Ça faisait des années que je rêvais de me remettre aux rollers quad, comme quand j’étais enfant. Retrouver cette sensation de liberté unique, mais aussi allier l’utile à l’agréable en pratiquant une activité sportive et artistique qui m’épanouisse tout en étant thérapeutique. Je m’y suis remise il y a un an, sans compter les coupures pour blessures, kiné/rééducation, confinement, etc. Roller dance, roller artistique, slalom, freeride… Mon but? Tout tenter au moins une fois, sans me mettre de frein.

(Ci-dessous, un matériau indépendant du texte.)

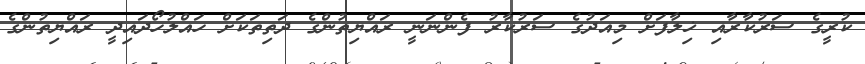
ކުރީގެ ސަރުކާރާއި ޚިލާފަށް މިއަދުގެ ސަރުކާރު ފެންނަނީ ރައްޔިތުންގެ ދަތިތަކަށް ހައްލުހޯދައިދީ ރައްޔިތުންގެ
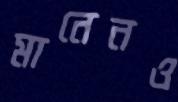
মানেনও
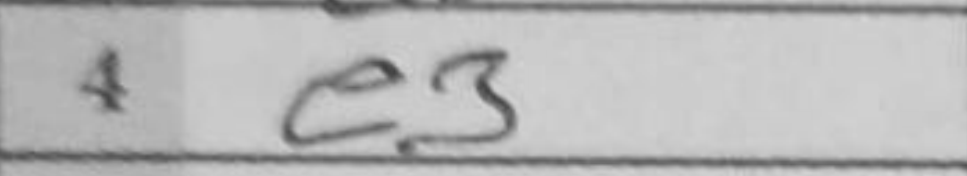
Transcription: e3
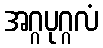
အဂ္ဂပုဂ္ဂလံ
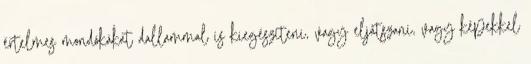
értelmes mondókákat dallammal is kiegészíteni, vagy eljátszani, vagy képekkel
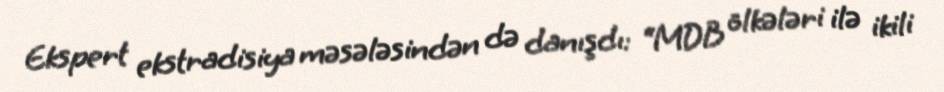
Ekspert ekstradisiya məsələsindən də danışdı: “MDB ölkələri ilə ikili
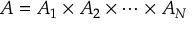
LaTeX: A = A _ { 1 } \times A _ { 2 } \times \dotsb \times A _ { N }
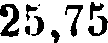
25,75
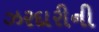
ઝરદારીની
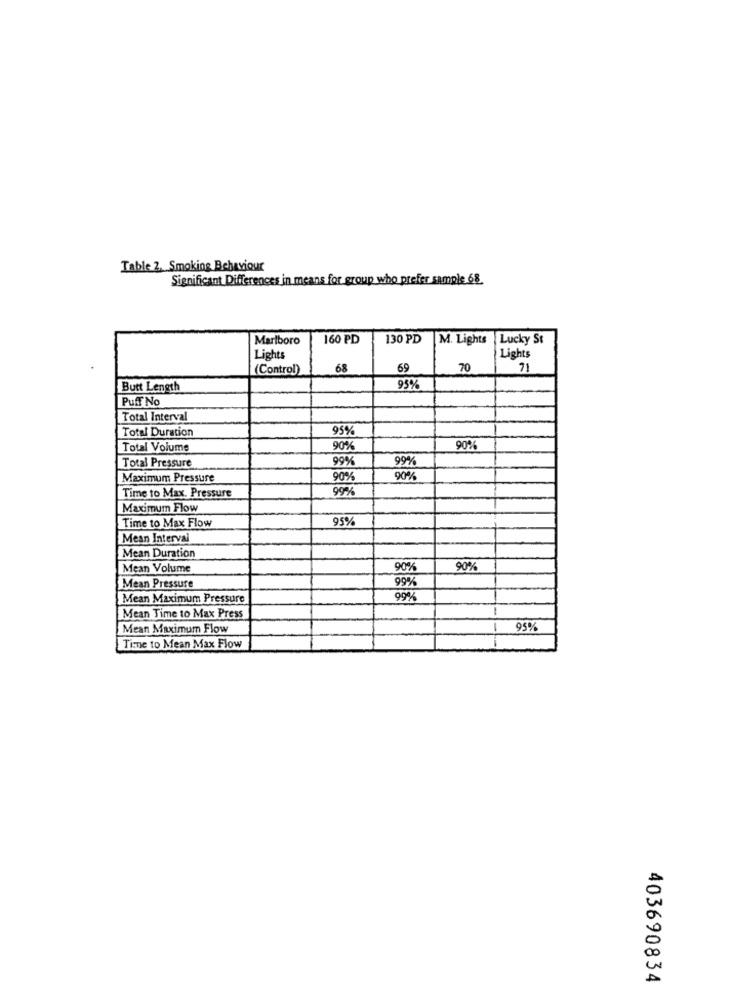
Table Z. Smoking Behaviour
Significant Differences in means for group who prefer sample 68
Marlboro
160 PD
130 PD
M. Lights Lucky St
Lights
Lights
(Control)
68
69
70
71
Butt Length
95%
Puff No
Total Interval
Total Duration
95%
Total Volume
90%
90%
Total Pressure
99%
99%
Maximum Pressure
90%
90%
99%
Time to Max. Pressure
Maximum Flow
Time to Max Flow
95%
Mean Interval
Mean Duration
Mean Volume
90%
90%
99%
Mean Pressure
Mean Maximum Pressure
99%
-
Mean Time to Max Press
Mean Maximum Flow
1
95%
Time to Mean Max Flow
403690834
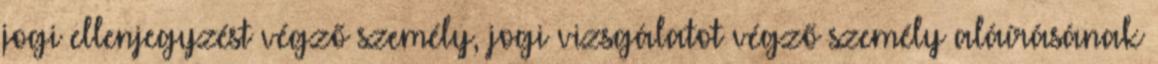
jogi ellenjegyzést végző személy, jogi vizsgálatot végző személy aláírásának

Alors, j’ai cherché tout ce que je pouvais trouver en lien avec ces disciplines à Paris et j’ai fini par tomber sur CIB Crew puis sur CIB Paris. Le but de Chicks in Bowls -devenu CIB Crew pour des questions d’inclusivité- est simple : encourager les minorités de genre à s’approprier les skateparks, lieux qui peuvent être intimidants surtout quand on n’y a jamais posé une roue… et qu’on n’est pas un homme cis. L’idée m’a tout de suite plu d’autant que j’adore explorer des territoires, a priori, pas faits pour moi. Parce que les skateparks, faut-il le rappeler, sont encore en 2020 des espaces très peu occupés par les femmes. L’occupation de l’espace public reste un enjeu politique, je ne vous apprends rien.

Publicité

Le fonctionnement du collectif me convient aussi : pas besoin de s’engager, on y va quand on veut. Tout se fait de façon horizontale et chaque semaine, un sondage de disponibilités est posté dans le groupe CIB Paris où chacun.e est libre de proposer des sessions de façon indépendante. Précision importante : il ne s’agit absolument pas d’une association et on n’y dispense pas de cours. La moyenne d’âge ? 30 ans.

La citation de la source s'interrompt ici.